For a while, he was the champion his fair city needed. Then came the lawsuits, and the bad publicity. Soon, the government was giving in, making superheroes and their antics off limits. This lead to our hero helming a witness protection like dead end life as an insurance agent. Then, opportunity knocks in the form of someone called Syndrome, who is out to challenge the former do-gooders with his arsenal of high tech devices. In order to save himself, and most importantly, his family and friends, Mr. Incredible steps up and defies the powers that be to, once again, fight for truth, justice, and the old fashioned superhuman way.
In Disney’s version of the Greek myth, Hades is Hercules’ Uncle. Angry over how he is treated by his brother Zeus, the baddies decides to release the gigantic titans trapped beneath the ocean floor, thereby destroying everyone and everything on Earth in their humungous path. Naturally, it’s up to our hero to help, but he’s too busy being trained for her conqueror position. In the meantime, Hades puts on his fire haired thinking cap and tries time and time again to undermine his brother’s offspring. Voiced by James Woods, he becomes one of the most comical and craven villains in the House of Mouse universe.
There is no scarier entity in any Disney film that the ghoul envisioned by Washington Irving in his popular publication The Legend of Sleepy Hollow. Even Tim Burton’s live action reimagining, featuring Christopher Walken as our nogginless demon can’t compare (and let’s not touch the current crop of characters claiming geek attention on the TV end over at Fox). Thanks to a combination of excellent filmmaking, brilliant character design, and a decidedly horrific flaming pumpkin, the bane of Ichabod Crane’s existence is an indelible icon to literary evil. While his appearances may be brief, they are surely memorable.
“Off with her HEAD!” Few film characters can turn such a simple line into a terrifying battle cry, but this rogue royal is all about decapitation. She’s practically daffy with her desire to crush craniums and remove skulls from necks. Of course, after a while, her constantly calls for such guillotine-inspired retribution grow a bit stale, but when you see her face, plumped full of rage and red as a beet, her “OWHHs” instantly return to something even more sinister. While she really should be viewed as a nutjob, that nasty streak in this particular Queen argues for a considerable lack of mercy come begging time.
It’s all in the plan for this Disney diva.

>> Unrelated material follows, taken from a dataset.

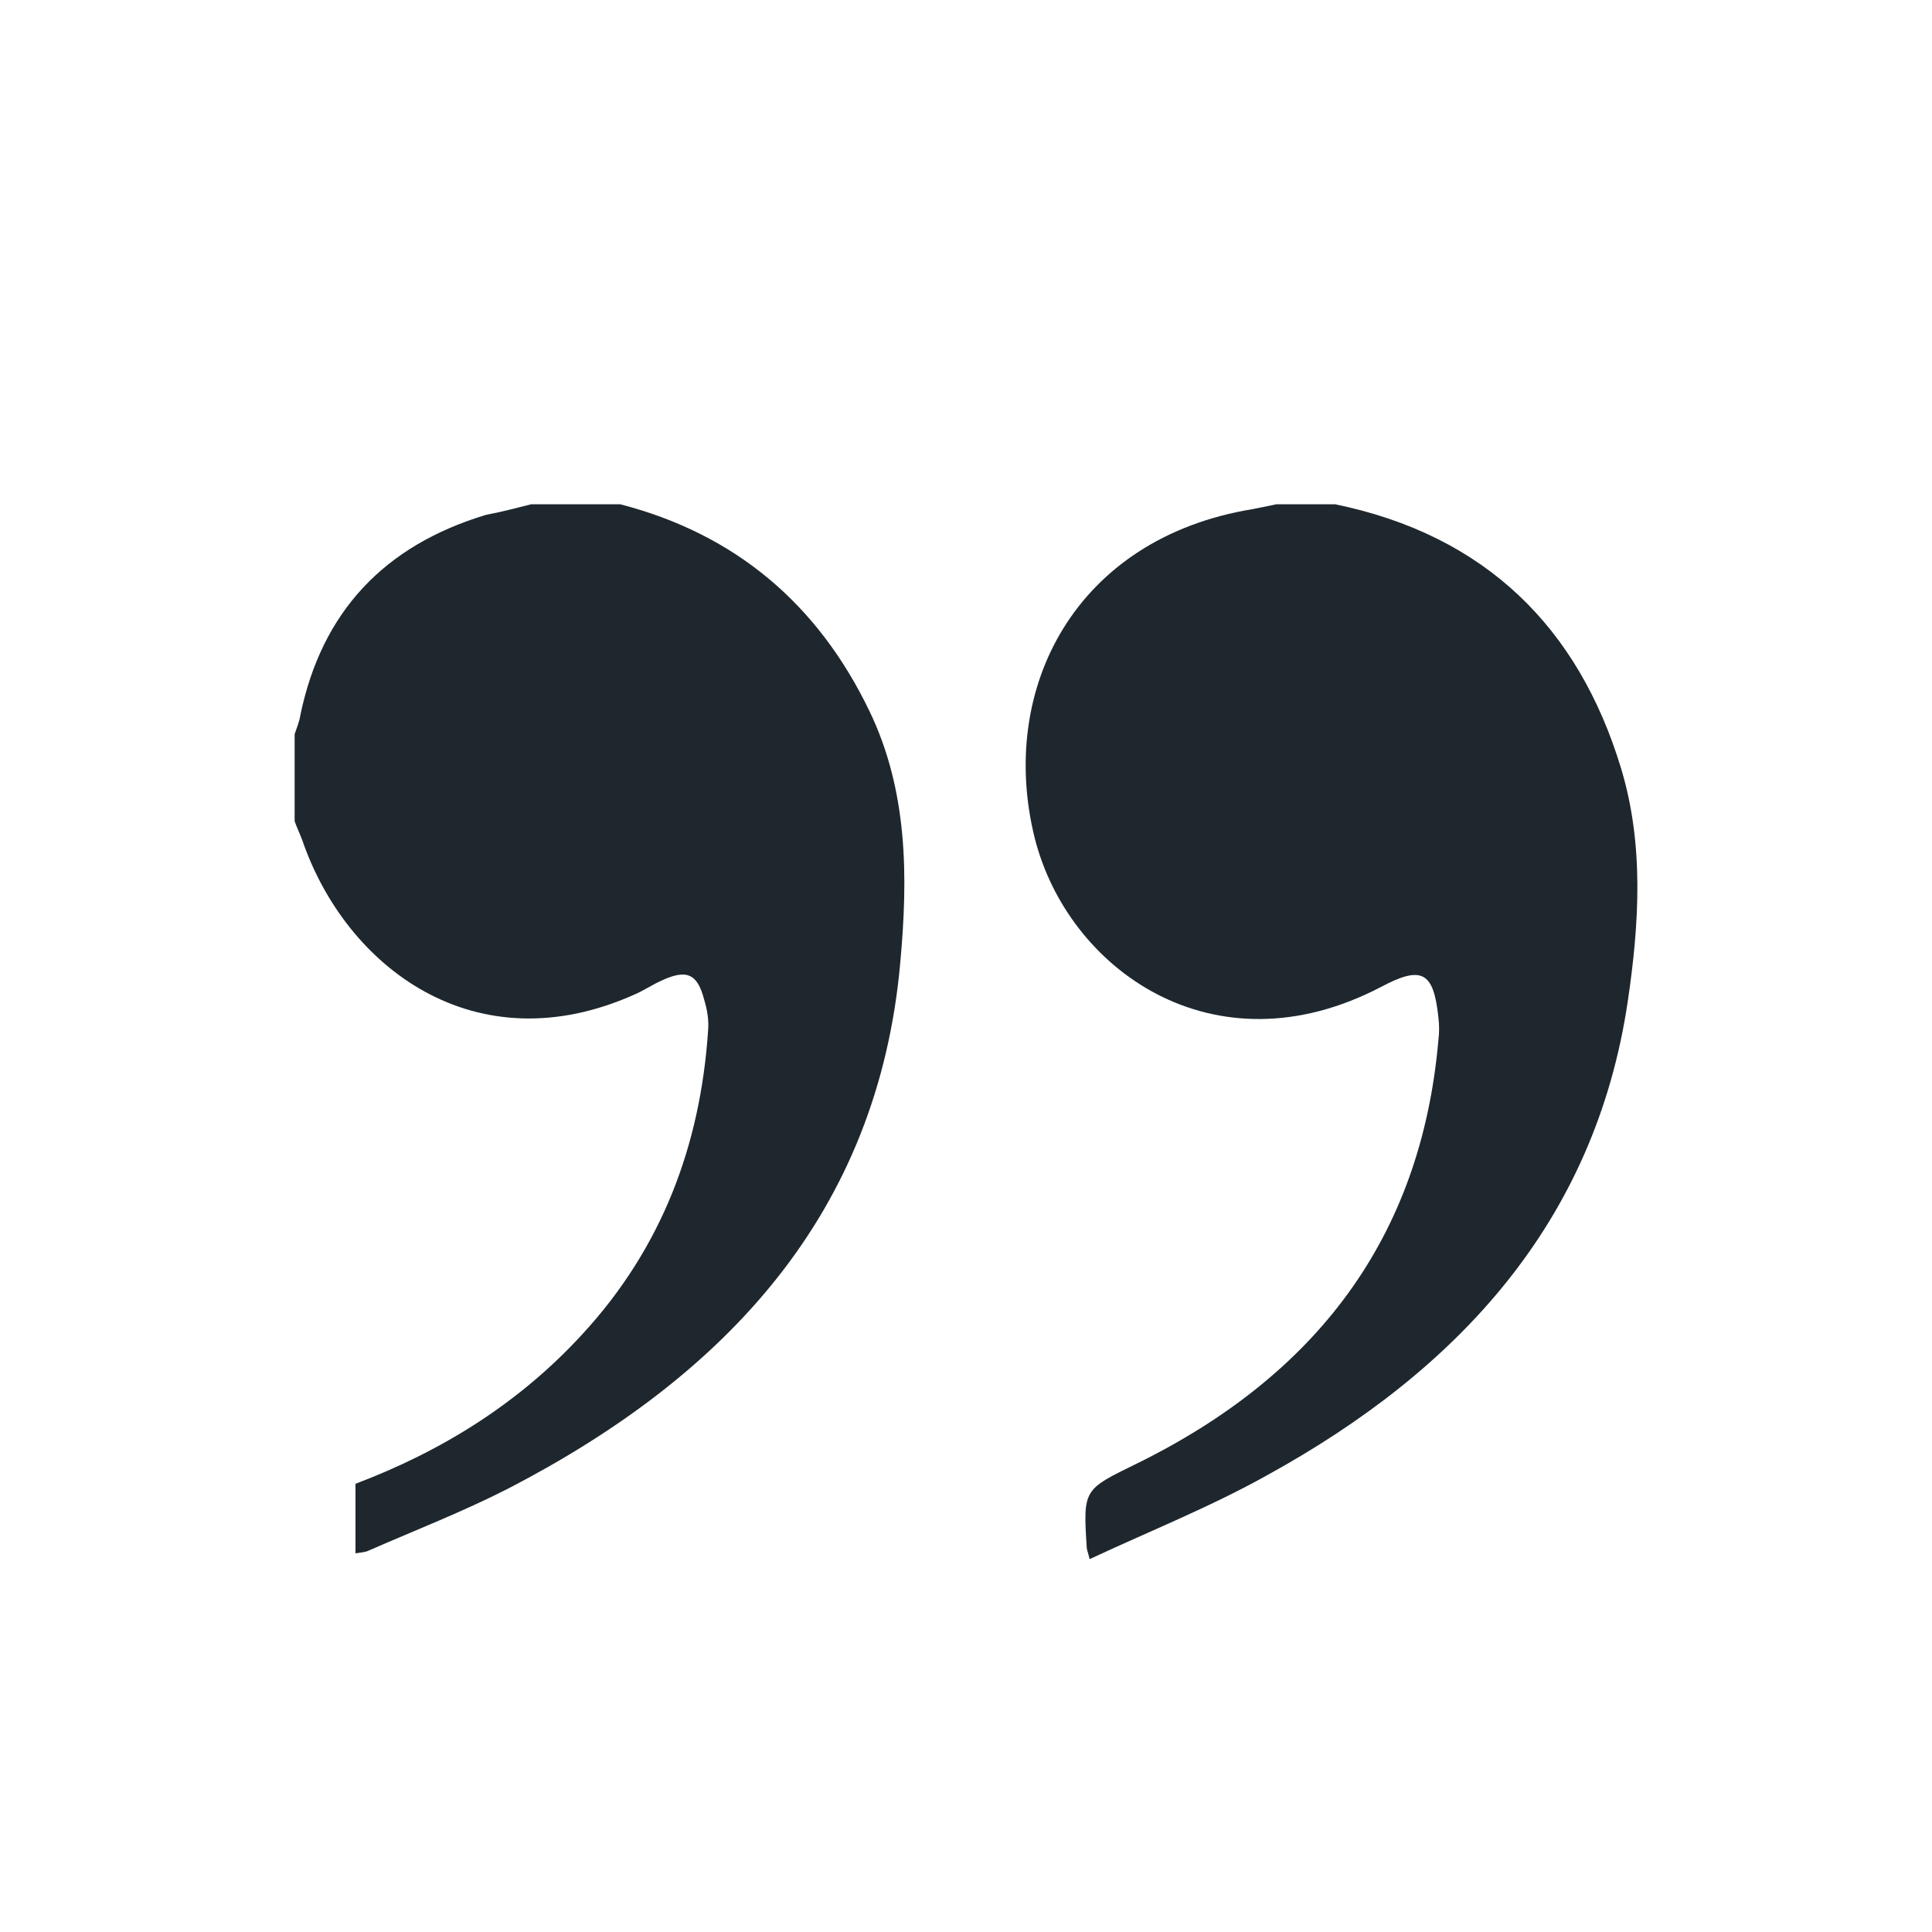 <svg xmlns="http://www.w3.org/2000/svg" xmlns:xlink="http://www.w3.org/1999/xlink" x="0px" y="0px" viewBox="0 0 20 20" xml:space="preserve"><g id="Calque_1" display="none">	<path display="inline" fill="none" stroke="#E30922" stroke-width="1.122" stroke-miterlimit="10" d="M10,18L10,18  c-4.42,0-8-3.58-8-8s3.58-8,8-8s8,3.58,8,8S14.42,18,10,18z"></path>	<path display="inline" fill="#E30922" d="M8.66,15.33h2.15V9.95h1.5l0.16-1.8H10.8V7.13c0-0.42,0.09-0.59,0.5-0.59h1.16V4.67h-1.49  c-1.6,0-2.32,0.7-2.32,2.05v1.44H7.54v1.82h1.12V15.33z"></path>	<g>		<rect x="5.56" y="8.46" display="inline" fill="#E30922" width="1.91" height="6.17"></rect>		<path display="inline" fill="#E30922" d="M6.5,7.65c0.62,0,1.13-0.51,1.13-1.14c0-0.63-0.51-1.14-1.13-1.14   c-0.62,0-1.13,0.51-1.13,1.14C5.38,7.14,5.88,7.65,6.5,7.65"></path>		<path display="inline" fill="#E30922" d="M10.52,11.39c0-0.87,0.4-1.38,1.16-1.38c0.7,0,1.04,0.5,1.04,1.38v3.24h1.9v-3.91   c0-1.65-0.94-2.45-2.24-2.45c-1.31,0-1.86,1.02-1.86,1.02V8.46H8.69v6.17h1.83V11.39z"></path>	</g>	<g>		<path display="inline" fill="#E30922" d="M10,5.17c-1.31,0-1.48,0.01-1.99,0.03C7.49,5.22,7.14,5.3,6.83,5.42   C6.52,5.54,6.25,5.71,5.98,5.98C5.71,6.25,5.54,6.52,5.42,6.83C5.3,7.14,5.22,7.49,5.2,8.01C5.17,8.52,5.17,8.69,5.17,10   c0,1.31,0.01,1.48,0.03,1.99c0.02,0.51,0.11,0.87,0.22,1.17c0.12,0.32,0.29,0.59,0.56,0.86c0.27,0.27,0.54,0.43,0.86,0.56   c0.31,0.12,0.66,0.2,1.17,0.22c0.52,0.02,0.68,0.03,1.99,0.03c1.31,0,1.48-0.01,1.99-0.03c0.51-0.02,0.87-0.11,1.17-0.22   c0.32-0.12,0.59-0.29,0.86-0.56c0.27-0.27,0.43-0.54,0.56-0.86c0.12-0.31,0.2-0.66,0.22-1.17c0.02-0.52,0.03-0.68,0.03-1.99   c0-1.31-0.01-1.48-0.03-1.99c-0.02-0.51-0.11-0.87-0.22-1.17c-0.12-0.32-0.29-0.59-0.56-0.86c-0.27-0.27-0.54-0.43-0.86-0.56   c-0.31-0.12-0.66-0.2-1.17-0.22C11.48,5.17,11.31,5.17,10,5.17 M10,6.04c1.29,0,1.44,0,1.95,0.03c0.47,0.02,0.73,0.1,0.9,0.17   c0.23,0.09,0.39,0.19,0.56,0.36c0.17,0.17,0.27,0.33,0.36,0.56c0.07,0.17,0.14,0.43,0.17,0.9c0.02,0.51,0.03,0.66,0.03,1.95   s-0.01,1.44-0.03,1.95c-0.02,0.47-0.1,0.73-0.17,0.9c-0.09,0.23-0.19,0.39-0.36,0.56c-0.17,0.17-0.33,0.27-0.56,0.36   c-0.17,0.07-0.43,0.14-0.9,0.17c-0.51,0.02-0.66,0.03-1.95,0.03c-1.29,0-1.44,0-1.95-0.03c-0.47-0.02-0.73-0.1-0.9-0.17   c-0.23-0.09-0.39-0.19-0.56-0.36c-0.17-0.17-0.27-0.33-0.36-0.56c-0.07-0.17-0.14-0.43-0.17-0.9C6.04,11.44,6.04,11.29,6.04,10   s0-1.44,0.03-1.95c0.02-0.47,0.1-0.73,0.17-0.9c0.09-0.23,0.19-0.39,0.36-0.56c0.17-0.17,0.33-0.27,0.56-0.36   c0.17-0.07,0.43-0.15,0.9-0.17C8.56,6.04,8.71,6.04,10,6.04"></path>		<path display="inline" fill="#E30922" d="M10,11.61c-0.89,0-1.61-0.72-1.61-1.61c0-0.89,0.72-1.61,1.61-1.61   c0.89,0,1.61,0.72,1.61,1.61C11.61,10.89,10.89,11.61,10,11.61 M10,7.52c-1.37,0-2.48,1.11-2.48,2.48c0,1.37,1.11,2.48,2.48,2.48   c1.37,0,2.48-1.11,2.48-2.48C12.48,8.63,11.37,7.52,10,7.52"></path>		<path display="inline" fill="#E30922" d="M13.16,7.42C13.16,7.74,12.9,8,12.58,8C12.26,8,12,7.74,12,7.42   c0-0.32,0.26-0.58,0.58-0.58C12.9,6.84,13.16,7.1,13.16,7.42"></path>	</g>	<path fill="#E30922" d="M7.29,10.79c0.13,0.05,0.25,0,0.29-0.14c0.03-0.1,0.09-0.36,0.12-0.46c0.04-0.14,0.02-0.2-0.08-0.32  C7.38,9.58,7.24,9.23,7.24,8.72c0-1.46,1.09-2.76,2.84-2.76c1.55,0,2.4,0.95,2.4,2.21c0,1.66-0.74,3.07-1.83,3.07  c-0.6,0-1.06-0.5-0.91-1.11c0.17-0.73,0.51-1.52,0.51-2.05c0-0.47-0.25-0.87-0.78-0.87c-0.62,0-1.11,0.64-1.11,1.49  c0,0.54,0.18,0.91,0.18,0.91S7.91,12.3,7.8,12.77c-0.22,0.93-0.03,2.08-0.02,2.19c0.01,0.07,0.1,0.08,0.14,0.03  c0.06-0.07,0.79-0.98,1.04-1.89c0.07-0.26,0.41-1.59,0.41-1.59c0.2,0.38,0.79,0.72,1.41,0.72c1.86,0,3.11-1.69,3.11-3.95  c0-1.71-1.45-3.31-3.65-3.31c-2.74,0-4.12,1.97-4.12,3.61C6.11,9.57,6.49,10.46,7.29,10.79"></path>	<g>		<path display="inline" fill="#E30922" d="M15.32,7.31c-0.13-0.48-0.5-0.86-0.98-0.99C13.47,6.09,10,6.09,10,6.09   s-3.47,0-4.34,0.23C5.18,6.45,4.8,6.83,4.68,7.31C4.44,8.18,4.44,10,4.44,10s0,1.82,0.23,2.69c0.13,0.48,0.5,0.86,0.98,0.99   C6.53,13.91,10,13.91,10,13.91s3.47,0,4.34-0.23c0.48-0.13,0.85-0.51,0.98-0.99c0.23-0.87,0.23-2.69,0.23-2.69   S15.56,8.18,15.32,7.31"></path>		<polygon display="inline" fill="#FFFFFF" points="8.86,11.65 8.86,8.35 11.77,10   "></polygon>	</g></g><g id="Calque_2">	<g>		<defs>			<rect id="SVGID_1_" x="3.05" y="5.22" width="13.9" height="10.93"></rect>		</defs>		<clipPath id="SVGID_00000152945976811440700020000008772798377213910913_">			<use xlink:href="#SVGID_1_"></use>		</clipPath>		<path clip-path="url(#SVGID_00000152945976811440700020000008772798377213910913_)" fill="#1E272D" d="M13.82,5.22   c1.56,0.32,2.52,1.28,2.96,2.73c0.24,0.79,0.19,1.61,0.07,2.42c-0.34,2.28-1.75,3.81-3.73,4.9c-0.59,0.33-1.22,0.58-1.84,0.87   c-0.02-0.08-0.03-0.1-0.03-0.12c-0.04-0.61-0.03-0.6,0.52-0.87c1.85-0.91,2.94-2.33,3.12-4.38c0.01-0.08,0.01-0.16,0-0.24   c-0.05-0.47-0.17-0.54-0.6-0.31c-1.73,0.9-3.24-0.19-3.58-1.55c-0.38-1.54,0.42-3.1,2.26-3.4c0.1-0.02,0.2-0.04,0.29-0.06H13.82z"></path>		<path clip-path="url(#SVGID_00000152945976811440700020000008772798377213910913_)" fill="#1E272D" d="M6.42,5.22   C7.62,5.53,8.47,6.26,9,7.36c0.4,0.83,0.4,1.72,0.32,2.6c-0.23,2.6-1.8,4.28-4.06,5.45c-0.47,0.24-0.96,0.43-1.44,0.64   c-0.04,0.02-0.08,0.02-0.14,0.03v-0.72c0.9-0.34,1.7-0.84,2.35-1.55c0.82-0.89,1.22-1.95,1.3-3.14c0.01-0.11-0.01-0.22-0.04-0.32   c-0.07-0.27-0.18-0.32-0.44-0.2c-0.09,0.04-0.18,0.1-0.27,0.14c-1.66,0.75-3-0.28-3.45-1.59C3.1,8.62,3.07,8.56,3.05,8.5V7.6   c0.02-0.06,0.05-0.13,0.06-0.2c0.22-1.06,0.86-1.75,1.92-2.07C5.19,5.3,5.34,5.26,5.5,5.22H6.42z"></path>	</g></g></svg>

All she wants in this world is a bit more fashion sense, and she intends to get some via the use of a family’s overly large litter of Dalmatian puppies. Yes indeed, their spots skins will make a very nice and couture coat indeed. It’s also all about the obsession with Cruella. She is determined, to her psychological detriment, to get those dogs no matter the cost. She literally grows insane over such a nonsensical need, and it’s that heady level of crazy that requires her placement so high upon the list.
She’s the evil witch queen so bad they had to make a movie about her, twice. Yes, while Angelina Jolie is all false cheekbones and overly plump red lips, the real pen and ink Maleficent was making wee ones wet the bed long before her live action doppelganger was even born. With her aloof attitude and menacing magic skills, she’s capable of quite a lot of damage. She also loves undermining the good and the virtuous, and he shape-shifting skills are nothing to sneeze at…unless you feel the need to balk at such sinister, fire-breathing beasts. Of all the Disney bad-asses, she’s the best.